Page 1 of 2

New CSV export/import feature

Posted: Thu Apr 07, 2011 8:14 am
by cyril
As I think it was a common request, I developed a CSV exporter / importer of the user dictionary and AutoText dictionary.

This will make possible to edit the dictionary from your computer, to merge dictionaries, or whatever you want!

Just go the the "Backup" section in the keyboard settings, and there are several options to perform these actions. Note that at the moment the file path is hardcoded and is
/sdcard/smartkeyboardpro/userdic.csv for the user dictionary, and /sdcard/smartkeyboardpro/autotext.csv for the AutoText dictionary.
The first line of the file is a header, DON'T REMOVE it before importing! (otherwise the first line will just be ignored)

You can test this feature in the 3.16.0 beta version.

Re: New CSV export/import feature

Posted: Sat Apr 09, 2011 3:12 pm
by Travis90
What program do I have to use to edit the CSV Files? Exel or just notepad too?

Re: New CSV export/import feature

Posted: Sat Apr 09, 2011 3:21 pm
by cyril
You can use whatever you want, as long as you keep the file in CVS format (which is very basic) and don't remove the first line

Re: New CSV export/import feature

Posted: Sat Apr 09, 2011 3:34 pm
by Travis90
Thanks! ;)
So... If I give you a CSV file with many italian words, can you improve ours dictionary? Please! Because it's very poor! =P

Re: New CSV export/import feature

Posted: Sat Apr 09, 2011 3:41 pm
by cyril
Well... finding a list of words is easy (just need to take OpenOffice dictionary...), but to make a dictionary this word list must be sorted by frequency of usage.

Re: New CSV export/import feature

Posted: Mon Apr 11, 2011 2:55 pm
by CApaddler
Hi Cyril,

I use SKP in US-English and in German. I exported my User Dictionary to edit it on a regular computer. I see, however, that German characters such as ä, ö, ü, ß etc. are represented incorrectly when I view the .CSV file on my Android device, or when I view it on my computer in various editors (Notepad, Wordpad, Excel 2007).

für is shown as für, for example.

Looks like some sort of charset problem. My Android locale is set to US-English. If I edit the .CSV file and reimport, is it going to corrupt these types of entries? How can I be sure that adding new words with these characters will be properly imported when I use the new import .CSV feature?

Thanks!

Re: New CSV export/import feature

Posted: Wed Apr 13, 2011 8:23 am
by cyril
Hello
Files must be encoded in UTF-8. You should be able to tell Excel to use UTF_8 encoding when you open the CSV file.

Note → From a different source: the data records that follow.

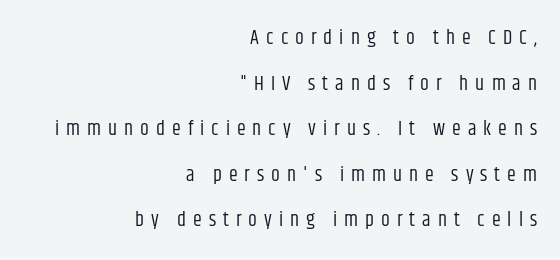
Q: Is the text bold? A: No.
Q: Is the text italic (slanted)? A: No, it is upright.
Q: Is the text underlined? A: No.
Q: How is the paragraph aligned? A: Right-aligned.
Q: Is the spacing between letters normal or unusually wide? A: Unusually wide.
Q: Is the spacing between lines tight, normal or loose? A: Loose.
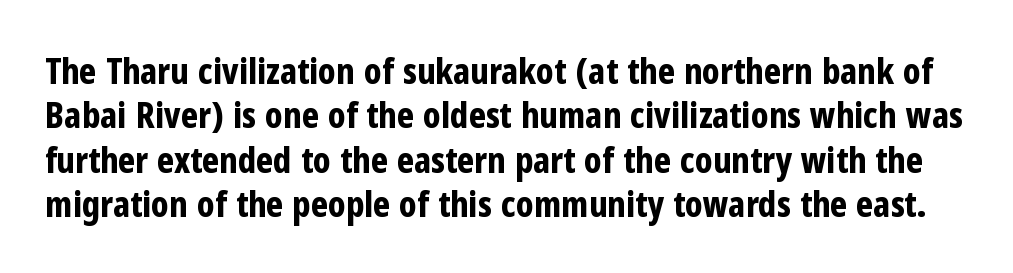
The image shows 36 px bold, condensed sans-serif type, upright; set line spacing 1.23x, normal letter spacing, not underlined; low stroke contrast and a medium x-height.
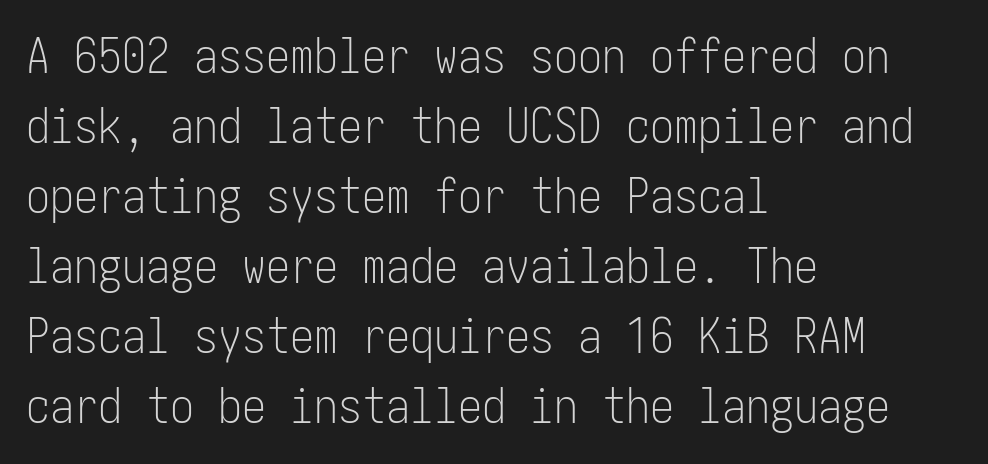
{"serif": "no", "italic": "no", "bold": "no", "weight": "light", "width": "condensed", "stroke_contrast": "low", "x_height": "medium", "underline": "no", "align": "left", "line_spacing": "normal", "line_spacing_ratio": 1.46, "letter_spacing": "normal", "letter_spacing_em": 0.0, "glyph_px": 48}
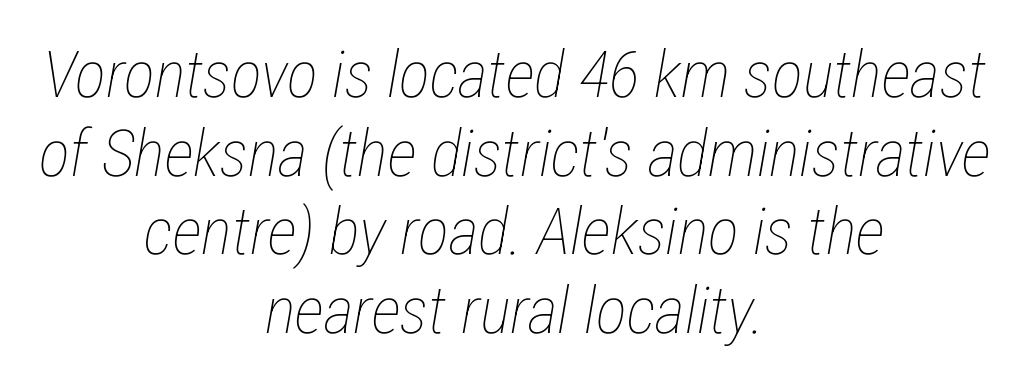
Q: Is the text bold? A: No.
Q: Is the text italic (slanted)? A: Yes, it leans right by about 12 degrees.
Q: Is the text underlined? A: No.
Q: How is the paragraph aligned? A: Centered.
Q: Is the spacing between letters normal or unusually wide? A: Normal.
Q: Width (condensed, normal, or wide)? A: Condensed.
Q: Stroke contrast? A: Low.
Q: x-height? A: Medium.
Q: Monospaced? A: No.
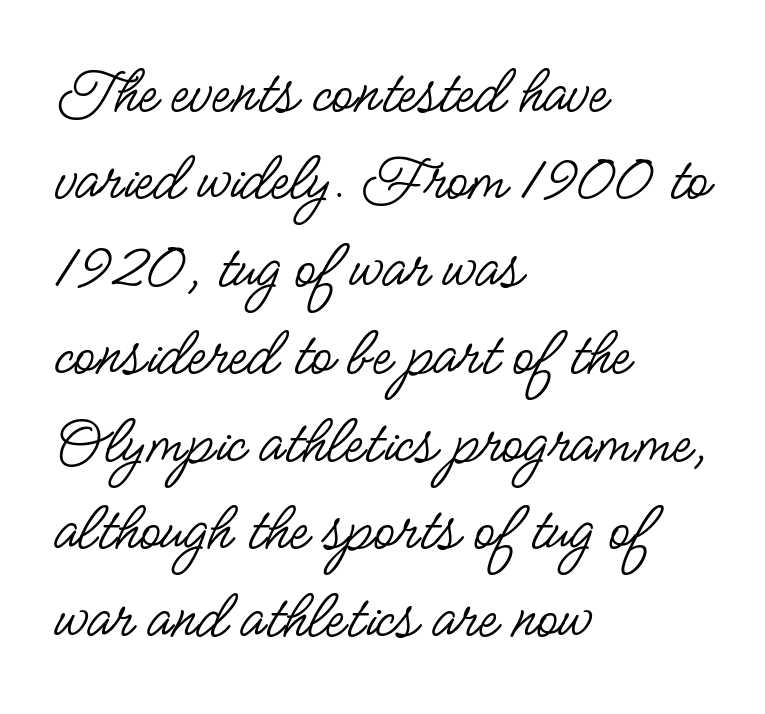
Q: Is the text bold? A: No.
Q: Is the text italic (slanted)? A: Yes.
Q: Is the typeface a serif or a sans-serif typeface? A: Sans-serif.
Q: Is the text underlined? A: No.
Q: How is the paragraph aligned? A: Left-aligned.
Q: Is the spacing between letters normal or unusually wide? A: Normal.
Q: Is the spacing between lines tight, normal or loose? A: Normal.
Q: Width (condensed, normal, or wide)? A: Condensed.
Q: Stroke contrast? A: Low.
Q: x-height? A: Small.
Q: Monospaced? A: No.
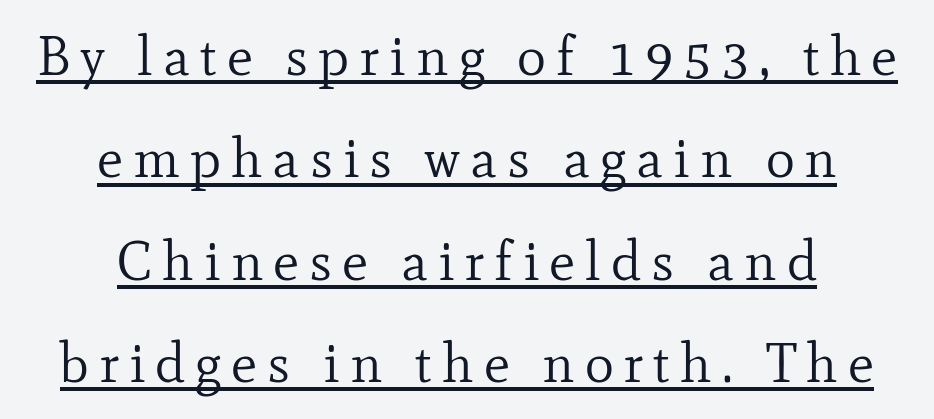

Re: New CSV export/import feature

Posted: Wed Apr 13, 2011 9:07 am
by CApaddler
Thanks Cyril.

For people having trouble editing their files in UTF-8 in Windows, there are a few workarounds:

1. Using Excel 2007, .csv files are not displayed with UTF-8 encoding. To work around this, rename the file to .txt and open it in Excel. It will then prompt you for the type of encoding to use.
2. Use OpenOffice/LibreOffice, native support for UTF-8 .csv files is supposedly included.
3. Google Docs is reported to work as well (untested).

Anyway, just a few options for those of you who want to edit your user dictionaries on non-Linux machines.

Re: New CSV export/import feature

Posted: Sun May 08, 2011 10:42 am
by Ivanhoe
Dear Cyril,

I have made a csv file to import for serbian language, but it contains some 200.000 words and it took couple of hours for it to be imported. Once done however, smart keyboard stopped offering any suggestions except for the names from contacts. I suspect that the problem is in the size of the file. I will upload the file here, and could You please make a dictionary installation out of it if it's possible?

Thanks in advance.
userdic.part01.rar
(240.01 KiB) Downloaded 436 times
userdic.part02.rar
(240.01 KiB) Downloaded 413 times
userdic.part03.rar
(37.51 KiB) Downloaded 418 times

Re: New CSV export/import feature

Posted: Sat May 14, 2011 2:37 pm
by cyril
Indeed the user dictionary is not designed to cope with so many words. I would be happy to create a dictionary for serbian language, but can you provide me with word frequencies as well (or at least a sorted word list) ? Without that I cannot create a dictionary.